ATEB Consulting’s Steve Bailey provides an insight into the FCA’s findings on inducements, what the regulator expects of firms and seven things firms can do to conform to those expectations

In 2015 the FCA conducted a thematic review about benefits provided and received by firms that:

• carry out MiFID business;

• carry out regulated activities in relation to a retail investment product.

This followed concerns that some business practices were likely to create conflicts of interest and result in firms not acting in their customers’ best interests.

Firms were reminded to ensure that any benefit or payment (made or received) is designed to enhance the quality of the service to the client.

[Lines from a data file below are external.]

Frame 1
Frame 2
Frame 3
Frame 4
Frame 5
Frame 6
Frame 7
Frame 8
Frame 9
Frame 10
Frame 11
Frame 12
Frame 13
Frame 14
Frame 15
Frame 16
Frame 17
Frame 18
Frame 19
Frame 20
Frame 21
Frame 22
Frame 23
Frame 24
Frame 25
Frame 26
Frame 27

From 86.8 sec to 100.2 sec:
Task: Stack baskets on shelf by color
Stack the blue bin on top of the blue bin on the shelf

The FCA has not published a full thematic report as this topic will be incorporated into further work being done in connection with the delayed MIFID II. However, the key findings have been published, alongside a reminder of the regulator’s expectations of firms.

FCA findings

• Hospitality did not always appear to be designed to enhance the quality of service to the client, e.g. sporting or social events;

• Hospitality that did not enhance the quality of service to the client, was offered alongside other benefits that do meet the requirements, e.g. golf or dinner after a training event;

• Hospitality logs did not always contain full details or record how the benefit was designed to enhance the quality of service;

• Adviser firms incurring costs, e.g. in connection with training by a provider, were being reimbursed in excess of the costs involved;

• Firms were not providing clients with an indication of the value of any allowable benefits received.

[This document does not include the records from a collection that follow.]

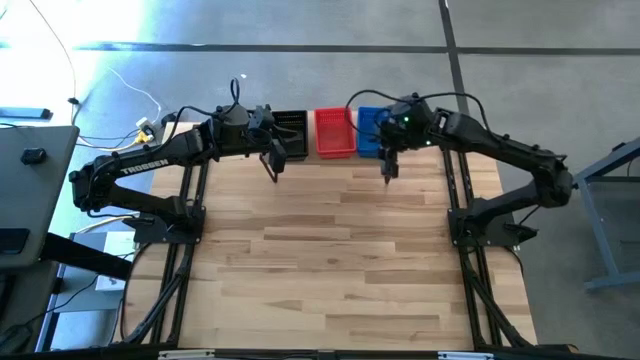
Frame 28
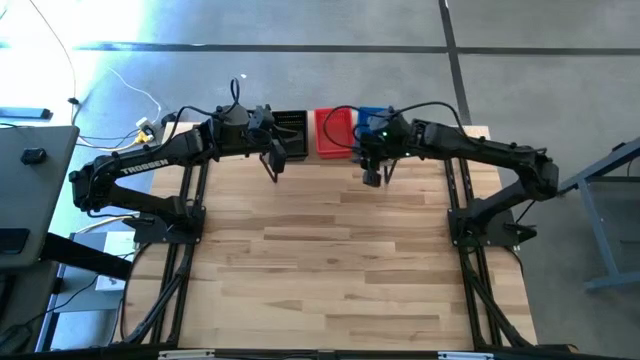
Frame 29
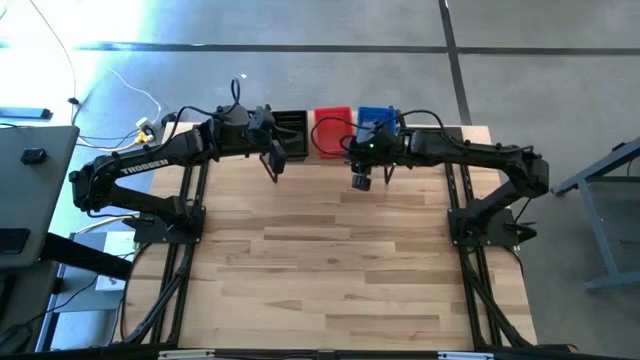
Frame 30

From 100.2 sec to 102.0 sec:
Adjust the stacked red bins on the shelf

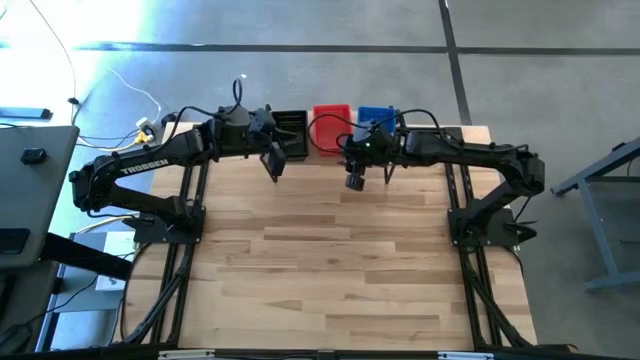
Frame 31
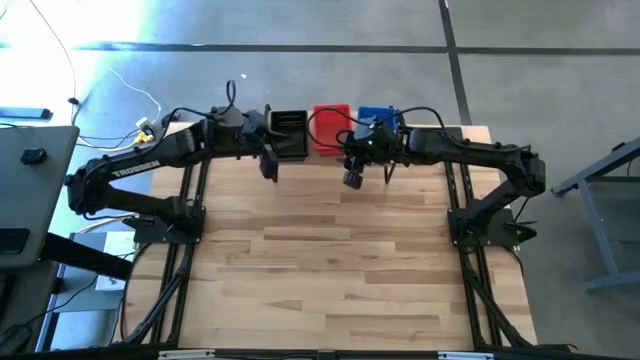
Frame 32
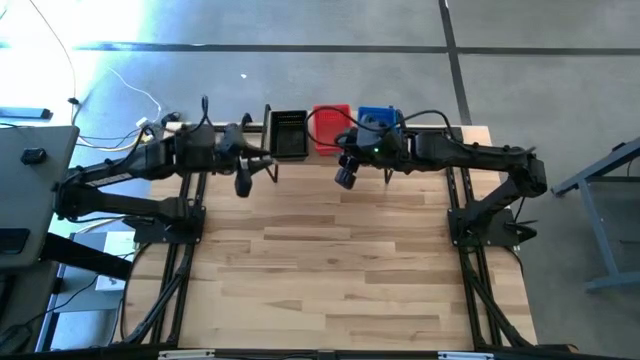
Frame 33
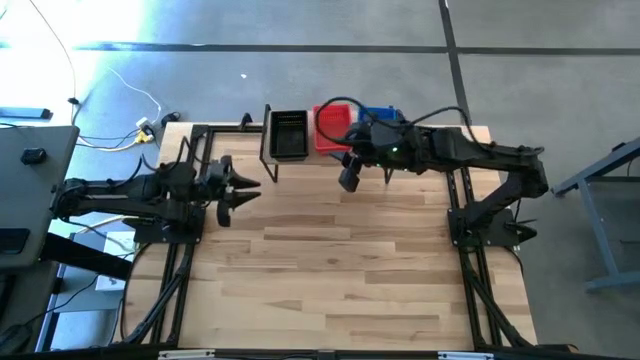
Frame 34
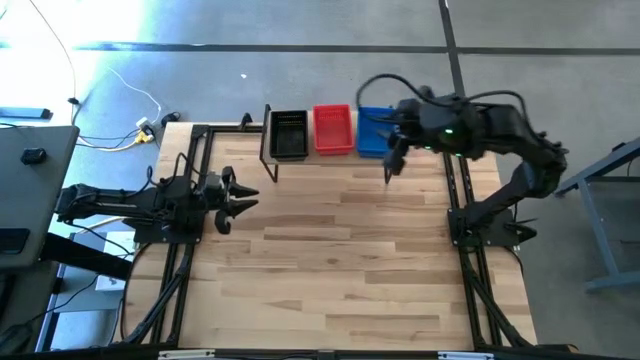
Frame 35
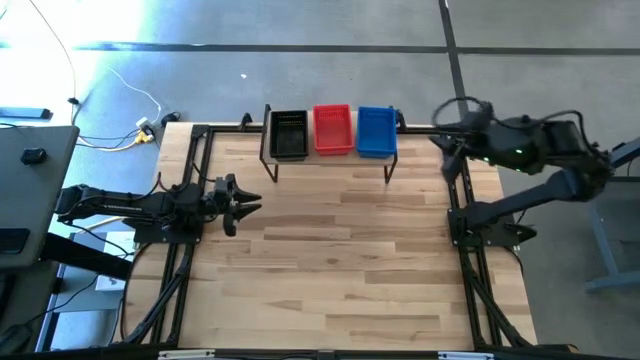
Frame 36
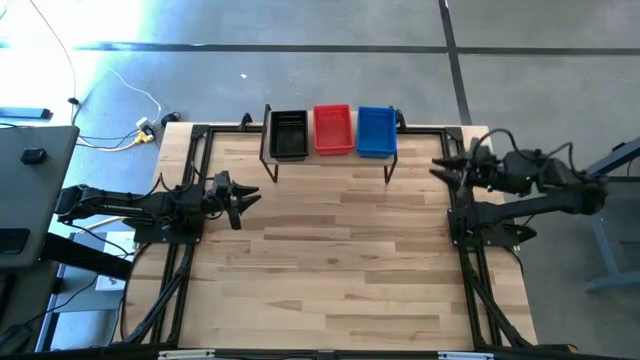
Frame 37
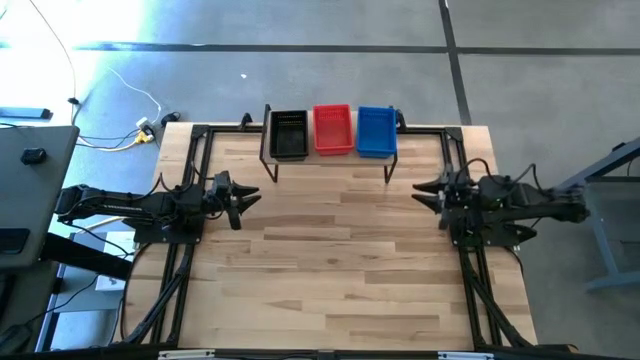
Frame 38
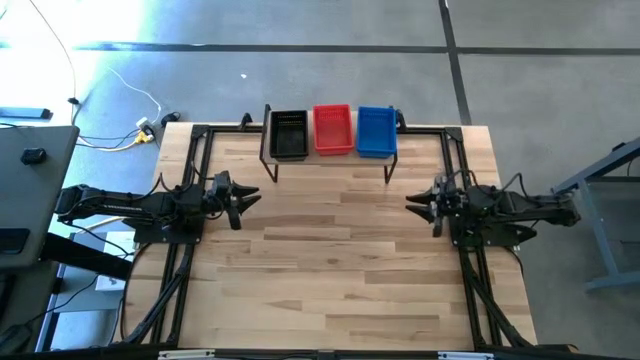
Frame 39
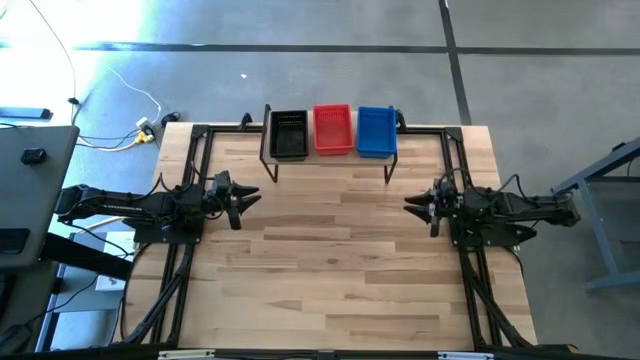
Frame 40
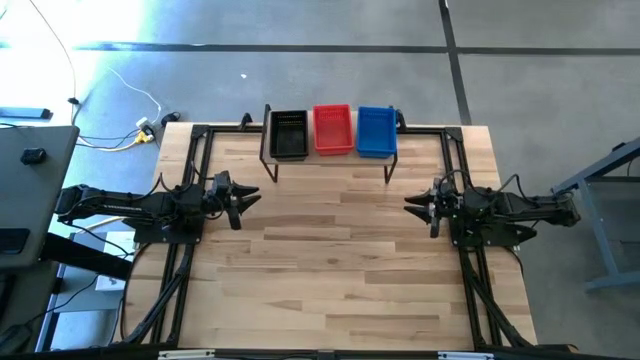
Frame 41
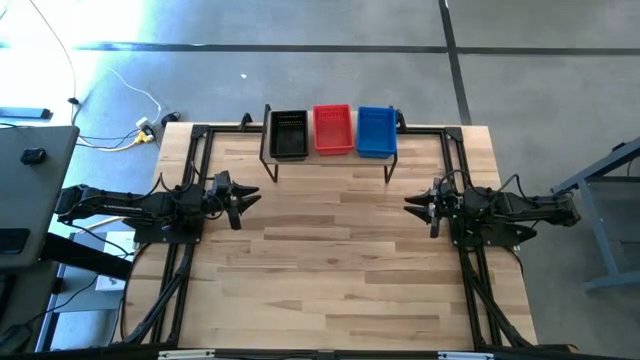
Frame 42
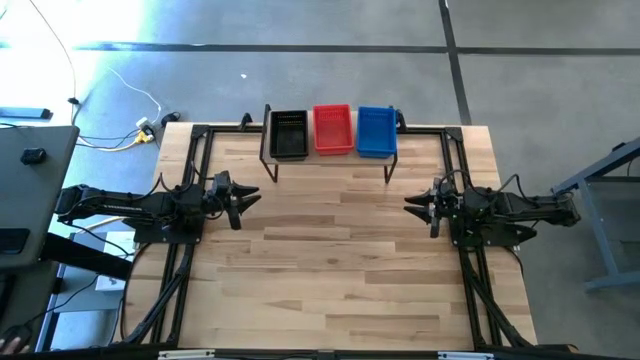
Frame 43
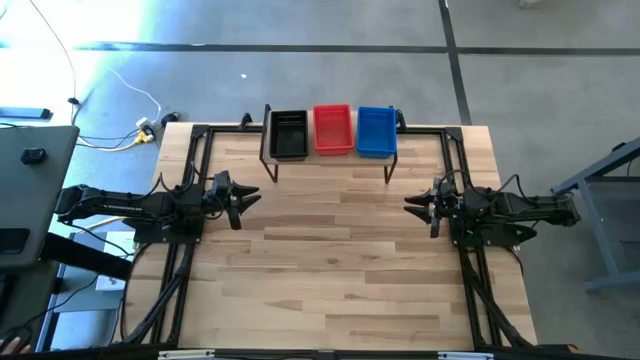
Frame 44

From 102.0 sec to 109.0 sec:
Return to Home Position

Clearly, the days when providers regularly offered social and sporting events to advisers are gone. However, there are still situations where benefits might be offered that are strictly not allowable on the basis that they do not enhance client service. In addition, even where a benefit is allowable, the potential conflict of interest needs to be managed properly. Often, all that is required is a disclosure to the client, including an indication of the nature of the relationship and the value of the benefit received. Some conflicts of interest do require to be ‘managed’ beyond a mere disclosure.

7 point action plan

Here are seven points recommended to help conform with the FCA’s expectations:

1. When providing or receiving a non-monetary benefit, consider and assess whether all aspects of the benefit are designed to enhance the quality of the service to the client;

2. Where an activity or event provides a number of non-monetary benefits, consider each benefit separately;

3. Ensure that the hospitality log records sufficient detail to facilitate effective monitoring and compliance;

4. Ensure that any payment for costs incurred covers the actual cost and does not include any element of profit;

5. When disclosing benefits to a client, include an indication of the value of the benefits in order for the client to be aware of the possible level of inducements;

6. Document a conflicts of interest policy that identifies the conflicts and how they are managed;

7. Ensure that your Conflicts Policy is up to date and reviewed annually.